Left: System diagram of our collar, with simplified piezo wake-up circuit (analog signal processing) at bottom. Right: A similar, complete piezo wake-up circuit. Marzetti et al., 2020

Due to the complexity of the latter system, along with a lack of in-house prototyping material and a wealth of possible failure modes, we decided to go for the DSP approach. We settled on a system which performs very basic operations on the M4 core, storing the audio data in shared memory with its sister M7 core. This allows us to switch between the two quickly, only ever having one active at a time, while relaying the data seamlessly.

We conducted two power studies on our system. One early on, which showed high figures mostly due to unoptimized code and improper clock frequencies, a second one with full peripheral integration. By the end, our system was showing promise in terms of power consumption, allowing us to deploy for durations exceeding both the original estimates and the project specifications.

	First Study	Second Study
Baseline - Wake	13.43 mA	6.99 mA
Baseline - Sleep	2.9 mA	2.7 mA
Mic + SAI + DMA	23.6 mA	10.37 mA
DSP + Inference	16.0 mA	12.46 mA
MicroSD Write	14.1 mA	7.74 mA

Better-than-Algorithmic Compression

Finally, we arrive at another important issue: how do you store data securely, for a year or more, under restrictive and unpredictable conditions? There is a simple solution: SD cards are small, light, and mostly lossless, in addition to having fast and power-efficient write cycles. The biggest issue with this approach is that data can’t be collected until the deployment is complete, a feature that can prove very inconvenient, depending on the use case. Given that our collaborators have an already established LoRa (Long Range) network, we did a lot of work trying to make our system integrate wireless communications as an alternative to SD storage.

Famously, wireless communications are very power-hungry. LoRa uses less power by transmitting data through “chirps”, at the cost of significantly lower bandwidth and longer uplink times. More importantly, LoRa is still by far the most power-intensive of our system. To reduce this issue, and to avoid blocking the network for too long, it quickly became apparent that we would need to compress our audio files significantly. In fact, if we reduced it enough for a full transmission, we could avoid running inference on-device at all, and classify the sound files with more powerful compute resources elsewhere in the network. For now, we decided to see how far we could take the compression. And, after implementing SD writes with FATFS, we stumbled upon an interesting–and promising–alternative to audio codecs: autoencoders.

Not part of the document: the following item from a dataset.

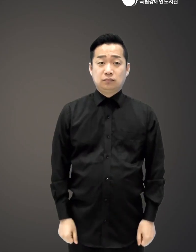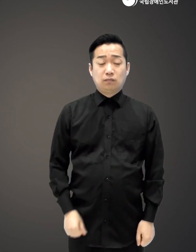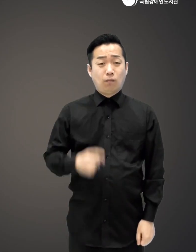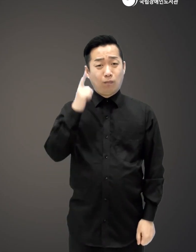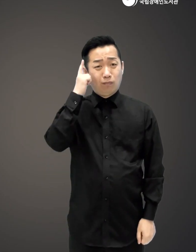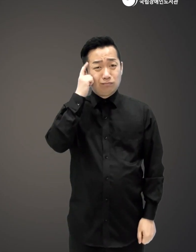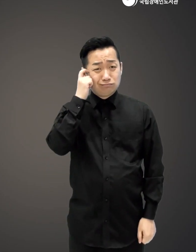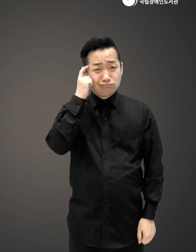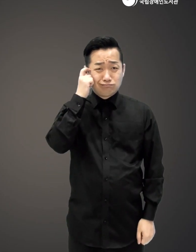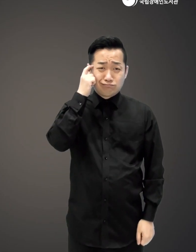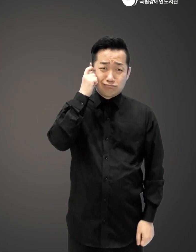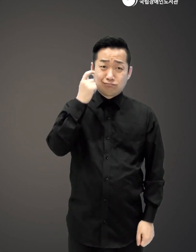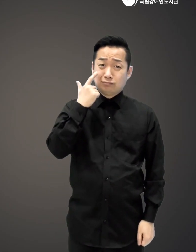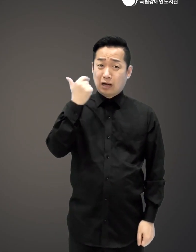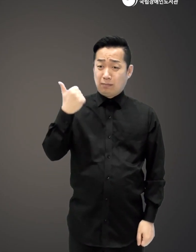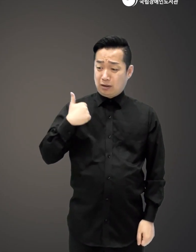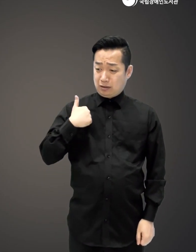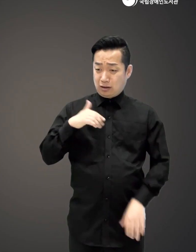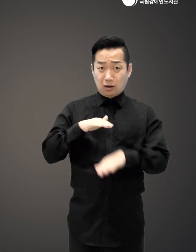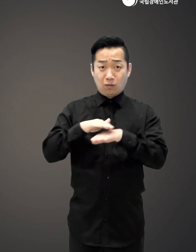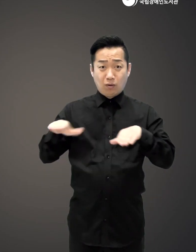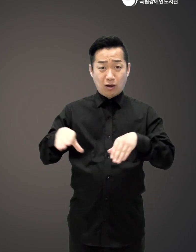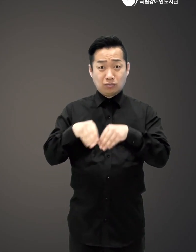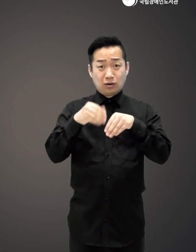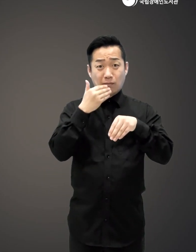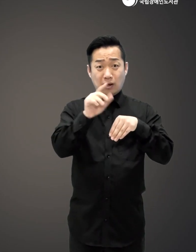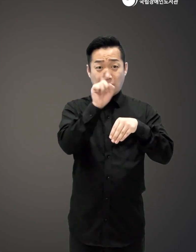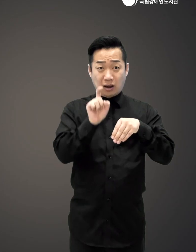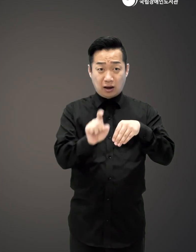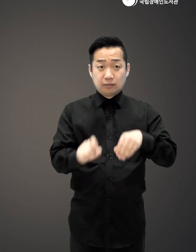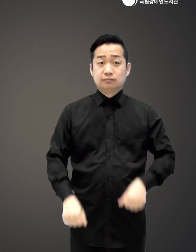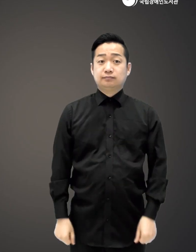글쎄요, 아빠와 화해할 수 있을까요?

The idea behind autoencoders is as follows: a multi-layer perceptron (the encoder) is trained to compress, for example, an image of a spectrogram into a set of embeddings, which another MLP (the decoder) can then decompress into a reasonably accurate representation of the original image. If you sever the two parts of the model, you get a section which can encode images into a smaller representation (known as the “latent space”) and a section which can decode it to its original state. Why would you use this, instead of compressing your audio algorithmically (e.g., MP3)? In theory, an autoencoder could reduce the amount of information significantly more than an algorithm by ignoring aspects of the audio irrelevant to classification and only focusing on the features that distinguish two spectrograms you care about.

Sample autoencoder input and output, spectrograms courtesy of Anu Jajodia

Putting everything together, we arrive at a cutting-edge device capable of acting as a low-power edge node within and without an external network: a versatile device for analyzing animal behavioral data, which ultimately has the potential to aid countless conservation efforts. We hope our work will be of use to the San Diego Zoo, and continue to be iterated on for years to come.